There are three distinct routes to market for CSPs offering M2M solutions: co-selling partners’ solutions; selling or reselling their own solutions; and acquiring solutions. One of the most viable options for CSPs will be for them to form partnerships that provide M2M infrastructure hardware such as modems, modules, and equipment. Hardware manufacturing is not a core business for CSPs, and hence it would be more advantageous for them to partner to provide this piece of the value chain to enterprises. A CSP’s core competency lies in knowledge of networks, connectivity, and managed services, so offering connectivity and a platform layer exploits its strengths.

For those CSPs that have their own systems integration businesses, they can incorporate a series of as well. The application layer presents the biggest conundrum in a CSP’s route-to-market strategy. Some providers are capable of offering their own viable, well supported applications for many M2M solutions, while others are not. In almost all cases, CSPs will need to partner with credible application partners that specialize in the development, testing, and management of applications. Those application vendors that have expertise in both on-premise and cloud-based solutions will be most desirable.


No CSP has a toolset sufficient to offer a complete end-to-end M2M solution for the countless number of opportunities in the market, and this speaks to the need for value-added partnerships. When looking for partners, CSPs will want ones with strong, complementary technologies – such as device management, data management, or connectivity in other regions – as well as indirect channels for the marketing of M2M solutions.

In creating a profitable M2M business, it is of paramount importance to pick the best partners rather than the greatest number of partners. CSPs must review the partnership landscape systematically, by geography and application, in order to find those best suited to their needs. It is important to keep in mind that the best partners for providing M2M services to the utility and energy sector may be different from the best partners in offering services to the healthcare sector. To complicate matters further, the best partners can often vary by region of the world or country.

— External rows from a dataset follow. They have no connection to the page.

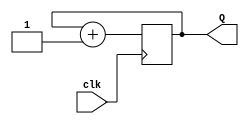
`timescale 1ns / 1ps
//////////////////////////////////////////////////////////////////////////////////
// Company: 
// Engineer: 
// 
// Design Name: 
// Module Name:    my_counter 
// Project Name: 
// Target Devices: 
// Tool versions: 
// Description: 
//
// Dependencies: 
//
// Revision: 
// Revision 0.01 - File Created
// Additional Comments: 
//
//////////////////////////////////////////////////////////////////////////////////
module my_counter( clk, Q );
input clk;
output [1:0] Q;
reg [1:0] temp;
	always @(posedge clk)
		begin
		temp = temp + 1;
		end
	assign Q = temp;
endmodule
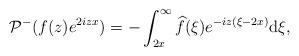
LaTeX: \begin{align*} & \mathcal{P}^- ( f(z) e^{ 2izx}) =- \int_{2x}^\infty \widehat{f} (\xi)e^{-iz(\xi-2x) } \mathrm{d}\xi,\end{align*}
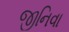
જીનિવા

A CSP should establish an identity or image of itself in the M2M market. A CSP can use its existing brand – sometimes a consumer brand, but often an enterprise brand – to build its M2M marketing image. It is important that CSPs understand existing market perceptions of their strengths and weaknesses when attempting to offer M2M solutions, because M2M is one of those technology solutions in which connectivity meets IT. Enterprise IT departments play a very strong role in decision making for, and implementation of, M2M solutions. Sometimes IT departments are less willing to engage a CSP in heavy technology implementations than they are a systems integrator (SI), other IT channel partner, or IT vendor. Remember that many of these M2M solutions hinge on an application – of which many are customized and in their first generation versions.

The risks for IT managers are high and, consequently, decisions often favor incumbents, which in this case are SIs and various IT suppliers. In some instances, it would be best for CSPs to have a “behind the scenes” presence and to allow the partner to front the bid, as is the case with many complex enterprise IT projects.

A foundation for success

Much of the value in operating an M2M business unit will be realized after three to five years, when the number of device connections is three to five times that of today. Up-front investment in these M2M business units is significant and competition for investment capital within CSPs is high, so initially there will be some risk. But with 2.1 billion device connections and US$51 billion of connectivity-related ARPU by 2021,

M2M provides savvy CSPs with the opportunity to create new, profitable, growth-centric businesses. To be successful, however, CSPs must properly scope and scale these new M2M business units, decide where to participate in the supply chain, pick the best partners, and create meaningful branding for these businesses.

Building an M2M business has some unique requirements; however, CSPs have the core assets to help connect people, things, and machines across the world.